JEFF JESSEE: Well, I think there are a lot of areas where we have not been able to achieve as much as we would like. One area is, again, we're still obviously working it, but disability justice. 42 percent of all inmates in the Department of Corrections are Trust beneficiaries. That's huge. And although the therapeutic courts have been effective, we have a program called Bridge Home that helps take beneficiaries coming out of corrections and transitioning them into the community, and it's been very effective. We have not been able to go to scale with these projects. And so the ones we have, have been proven to be effective, but we haven't been able to go to scale, and primarily that's because the order of magnitude of what it would take to go to scale is way beyond our means. And until we can convince the legislature that that type of investment is warranted, we won't get there. Now, this next year may present an opportunity because the legislature is going to run up hard and fast on what it costs to build and operate a large prison. They will be bringing a new prison on line, and they are going to be looking at many, many, many millions of dollars to house people in corrections. We believe we can, with our beneficiaries, we can do a better and cheaper in the community. But the legislature has to cross the Rubicon in terms of their thinking; and it's one thing to convince them on the scale of Bring the Kids Home where there's $40 million or Harborview where there's 5 or 6 million, it's another thing to start getting them moving on something that's hundreds of millions. And so I think that's one area that -- that we haven't been able to go as far as we would like. Section 13:
KAREN BREWSTER: The therapeutic courts you just mentioned I wanted to ask you about, how is it that some members of the population end up in therapeutic courts and some still end up in the mainstream criminal justice system?
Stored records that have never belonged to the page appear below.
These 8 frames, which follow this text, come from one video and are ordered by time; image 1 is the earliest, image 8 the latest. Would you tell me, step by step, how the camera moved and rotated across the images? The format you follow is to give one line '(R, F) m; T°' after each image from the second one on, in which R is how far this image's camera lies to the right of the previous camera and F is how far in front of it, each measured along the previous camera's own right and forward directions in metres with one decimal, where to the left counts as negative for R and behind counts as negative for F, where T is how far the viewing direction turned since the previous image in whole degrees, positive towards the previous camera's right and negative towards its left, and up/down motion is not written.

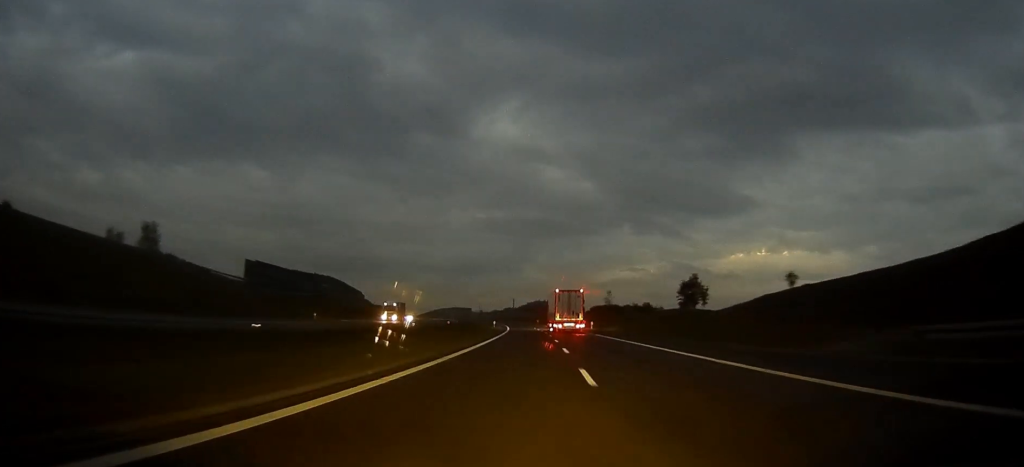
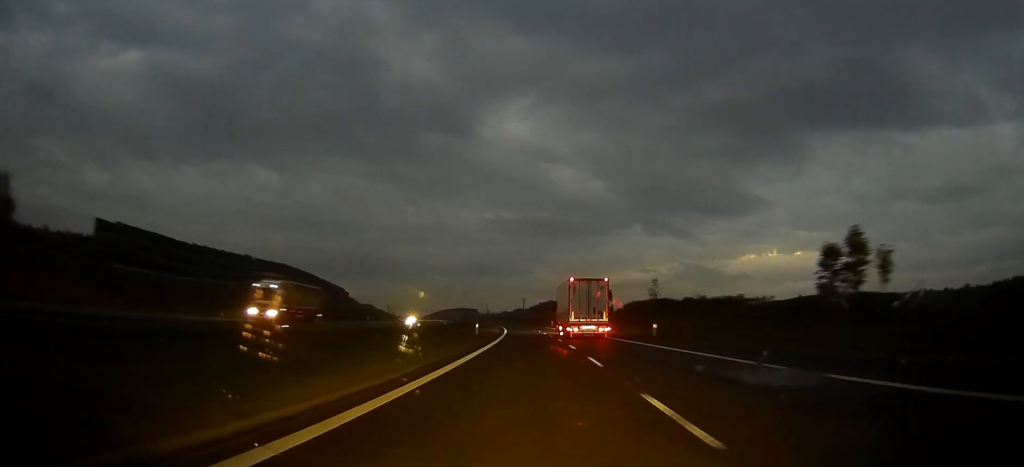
(-0.9, +45.4) m; -2°
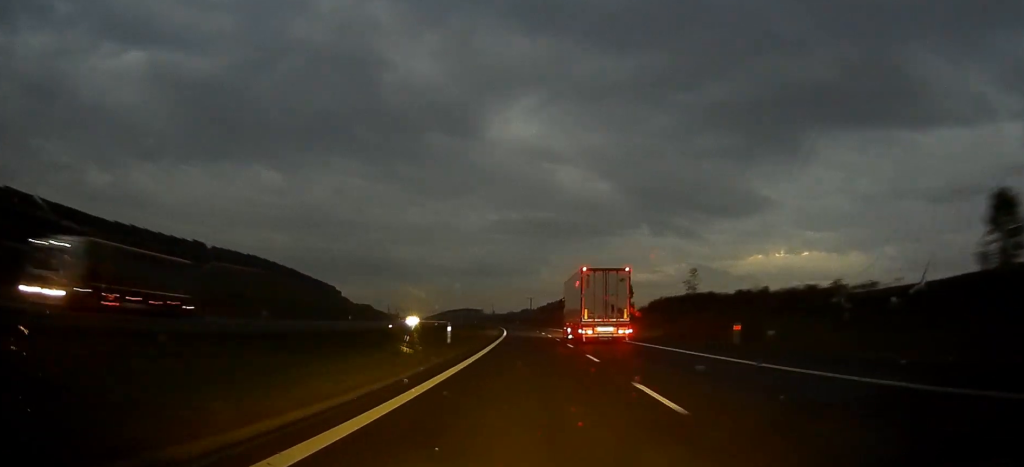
(-0.2, +21.4) m; -1°
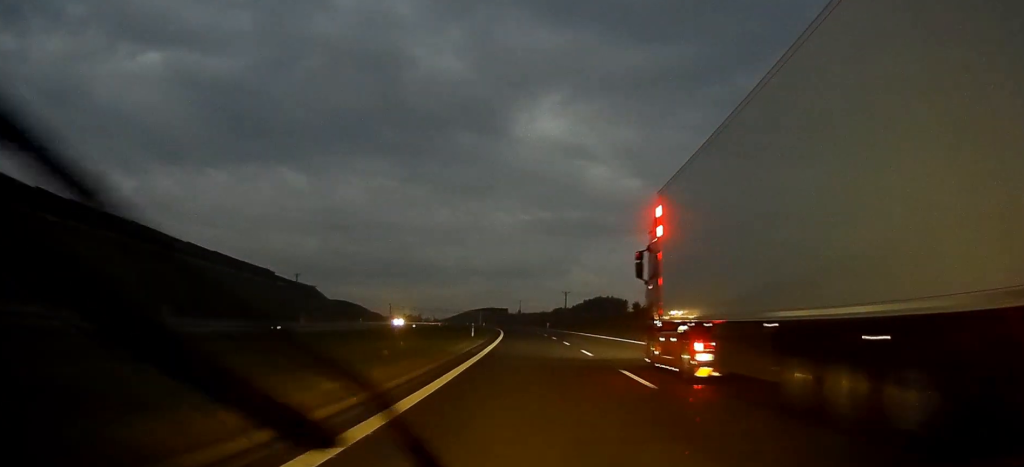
(+0.6, +80.2) m; -1°
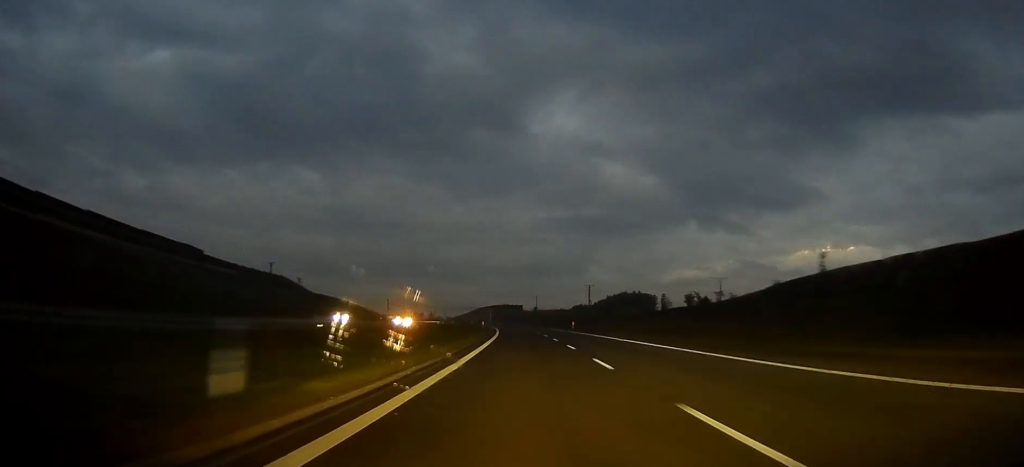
(-1.2, +42.9) m; -2°
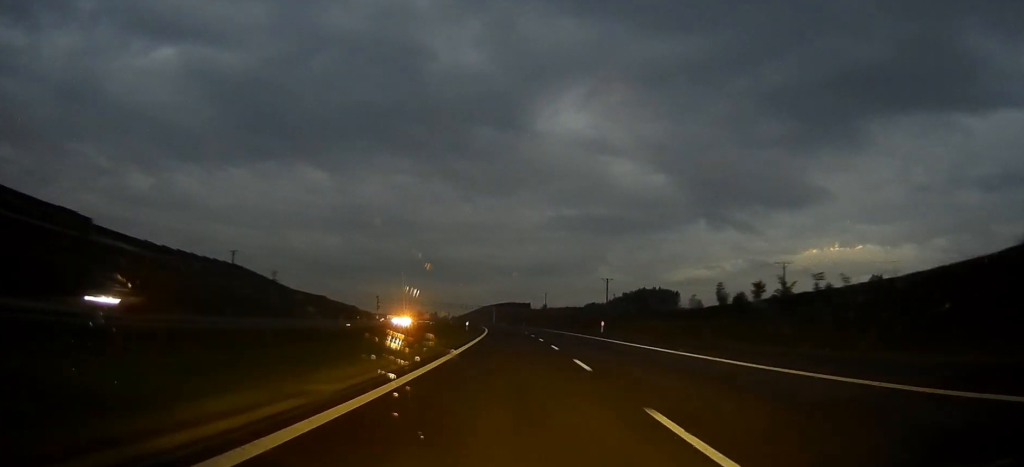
(-0.4, +36.2) m; -1°
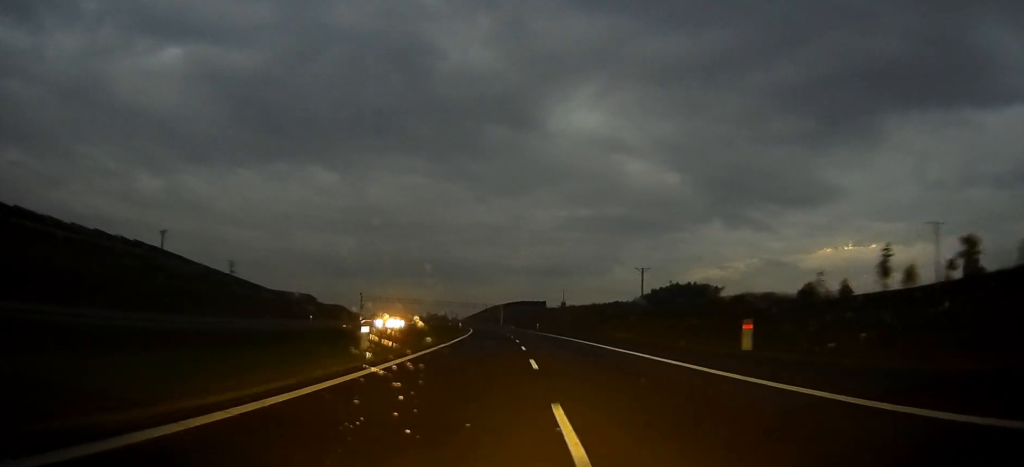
(-0.4, +47.0) m; -1°
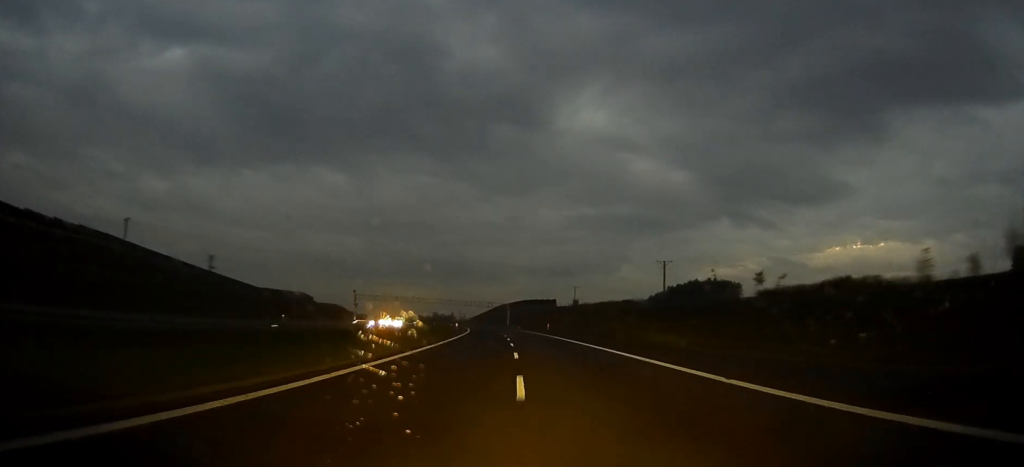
(-0.1, +18.8) m; -1°

JEFF JESSEE: Generally, when they are arrested and they end up in jail, the Department of Corrections knows them, because they've seen them before, and they do a screening and they start trying to identify those beneficiaries that they think, if they were to go through the Mental Health Court, that they would benefit from this approach. And then they provide that information to the rest of the team because the, you know, Public Defender and the District Attorney, you know, there has to be agreement that this is somebody that should be offered this alternative to normal prosecution and incarceration. And not -- you know, none of these programs are perfect. Not everyone is successful, but many, many are. KAREN BREWSTER: And the therapeutic court is only for misdemeanors; felony cases don't usually get recommended there?
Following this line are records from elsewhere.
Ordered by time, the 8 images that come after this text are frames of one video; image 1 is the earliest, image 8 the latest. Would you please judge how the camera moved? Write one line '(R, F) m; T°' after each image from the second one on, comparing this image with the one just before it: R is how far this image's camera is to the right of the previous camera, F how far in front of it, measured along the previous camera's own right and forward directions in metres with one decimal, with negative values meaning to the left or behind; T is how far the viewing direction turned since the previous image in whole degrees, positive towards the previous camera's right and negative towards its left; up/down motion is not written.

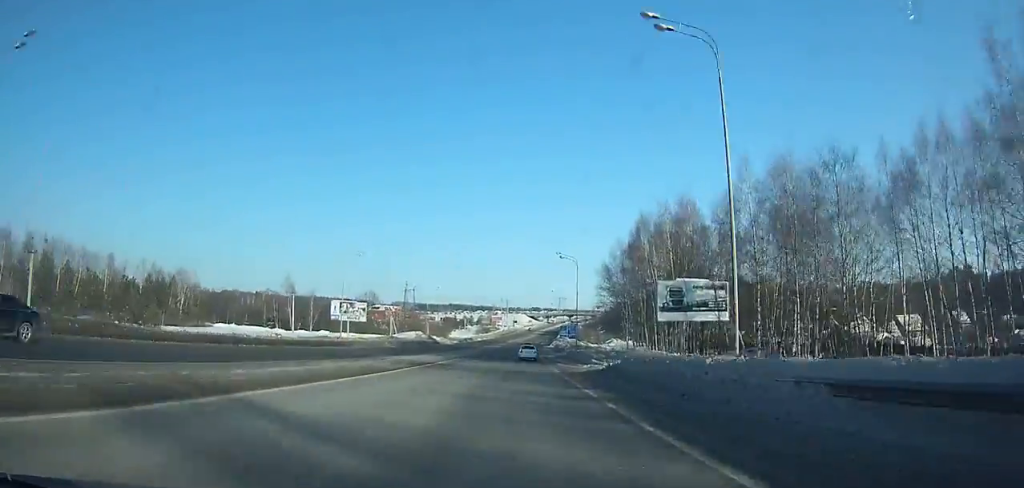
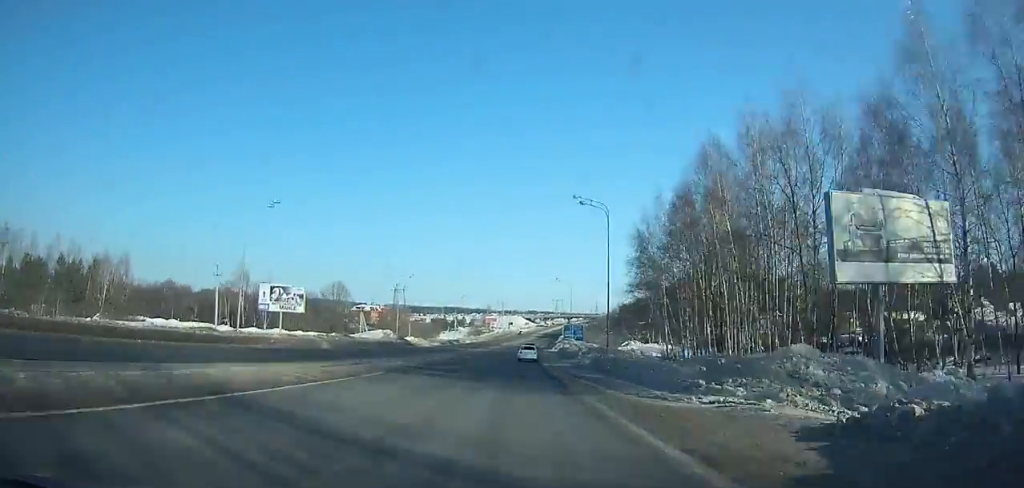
(+0.1, +27.2) m; 0°
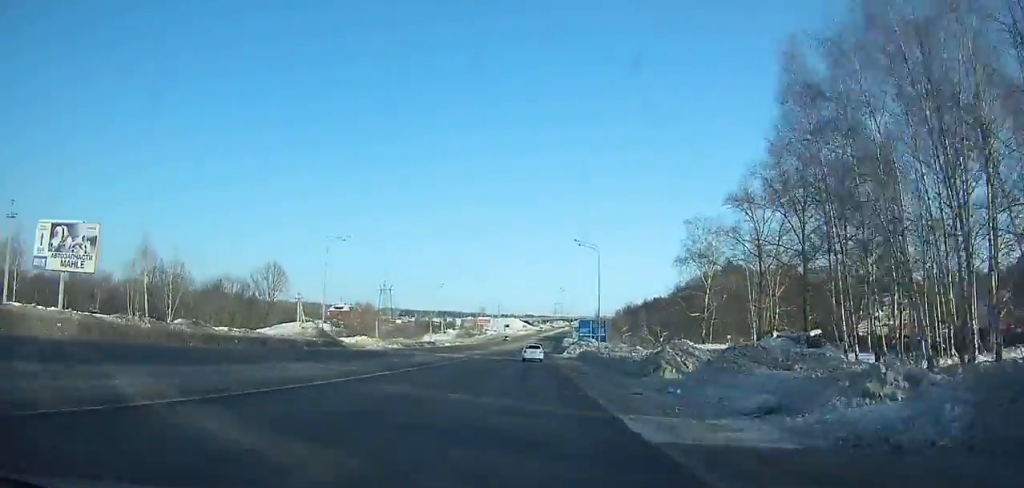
(0.0, +36.5) m; +1°
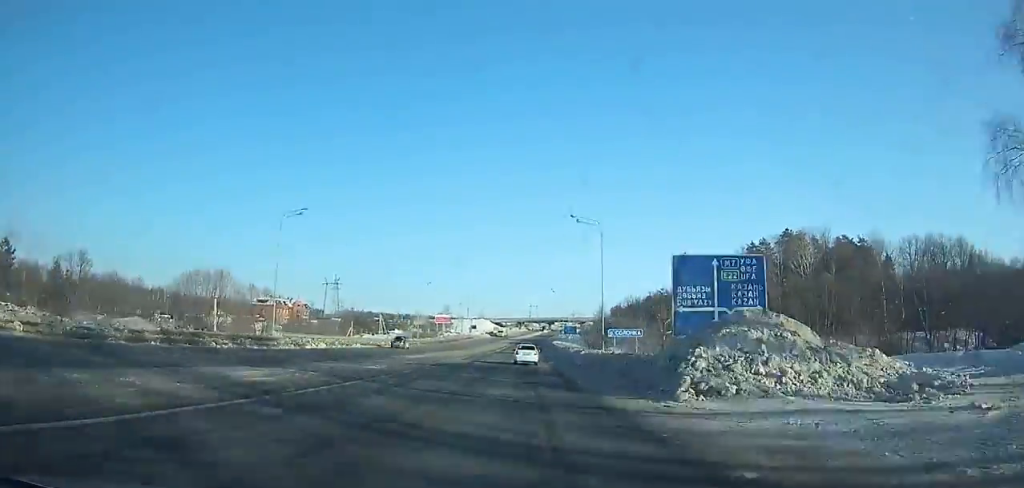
(+1.0, +65.6) m; +2°
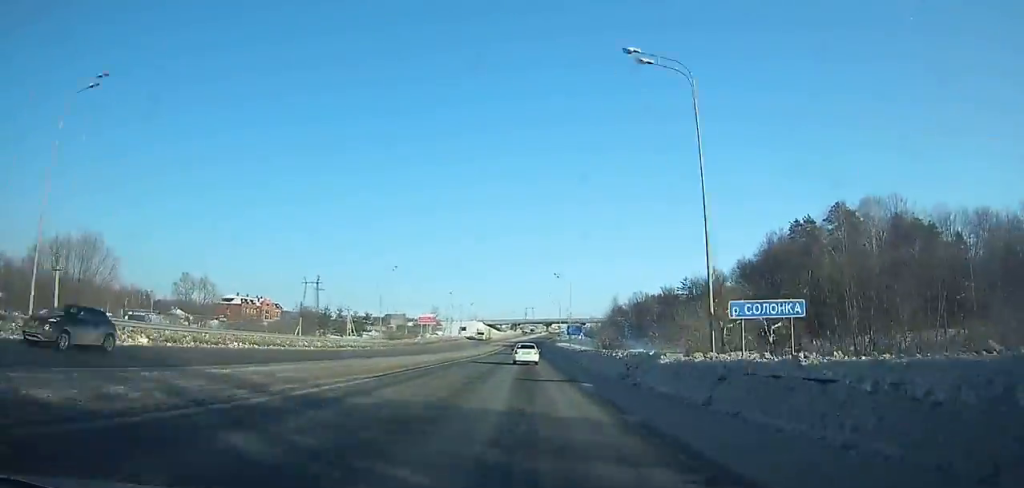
(+0.3, +27.4) m; +1°
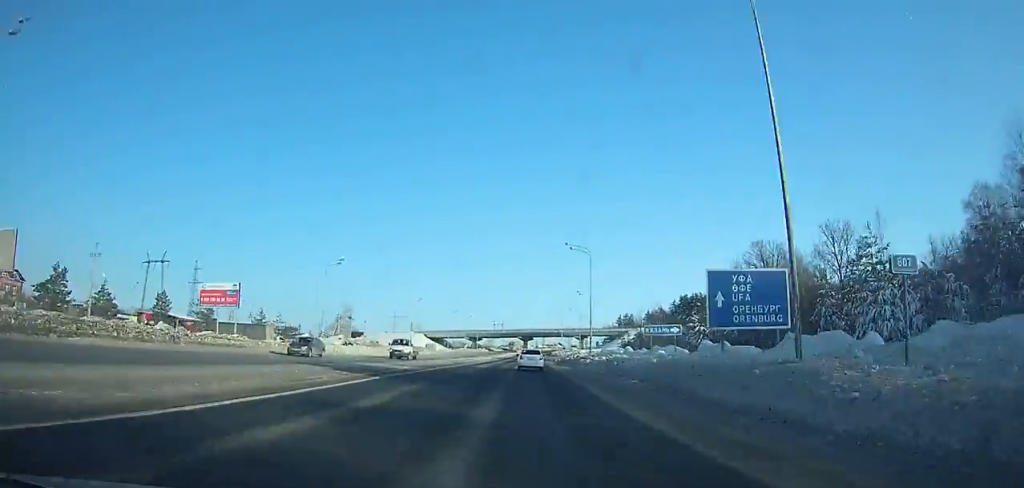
(+4.2, +128.4) m; +4°
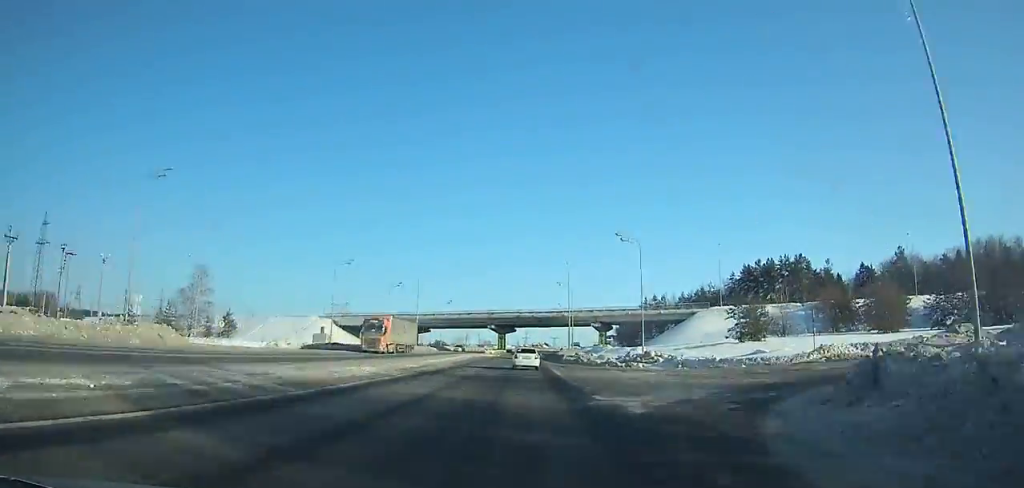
(+1.0, +92.0) m; +1°
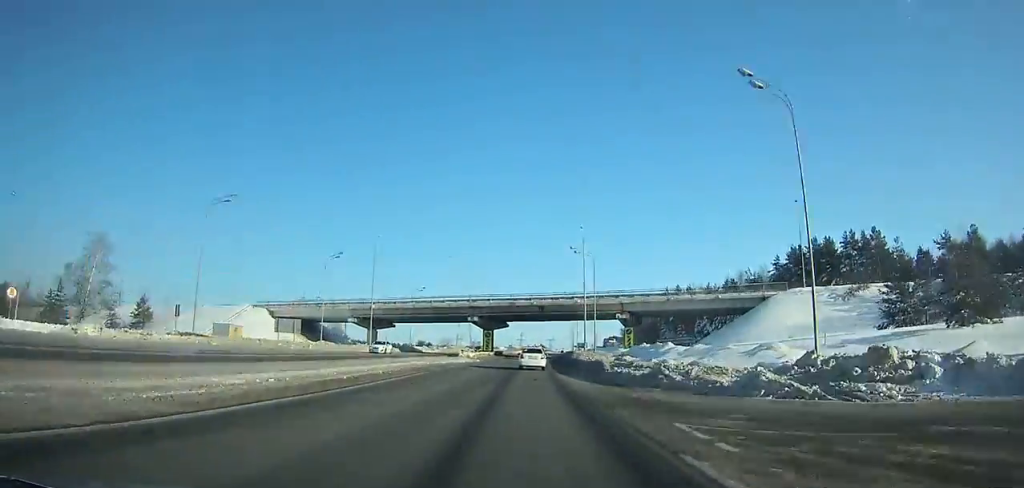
(+0.2, +33.4) m; +1°

JEFF JESSEE: For our beneficiaries, I believe there is a felony DUI court, which is not one of ours, so to speak, but yes, all of our therapeutic courts are -- are misdemeanors. If you're talking serious harmful behavior, then that's going to be handled differently. Section 14:
BILL SCHNEIDER: All right. Well, Jeff, thank you so much for taking the early flight up and --
JEFF JESSEE: My pleasure.
BILL SCHNEIDER: -- spending the time with us. I think you've given us a really thorough, interesting picture in terms of not only the mental health delivery system, but also how you've effectively worked with the legislature that might serve as a model for other groups, too. JEFF JESSEE: Well, that's one of the things, I'm on the board of Philanthropy Northwest, which is a philanthropy affinity group for the Pacific Northwest. And one of the -- one of the things that I've been working with other foundations on is encouraging more engagement with government. Traditionally, foundations have tended to want to give time-limited grants to get something going, and then the funding goes away, even if it proves very effective, but the heavy lifter and the sustainable funding has to come from government. And if you don't engage up front, there's very little likelihood that you're going to get much support when your money goes away. And -- and a lot of foundations are very gun-shy about directly engaging government, and one of the things I'm trying to promote is that, no, you should do more of that, more engagement, and more partnering because in the end, you know, legislators want good public policy, they want cost effective and efficient services, and by linking the venture capital of foundations and charitable organizations, it's a powerful partnership. KAREN BREWSTER: Has the model of the Mental Health Trust Authority been used in other places? It was sort of a first-time thing when it was established here, wasn't it?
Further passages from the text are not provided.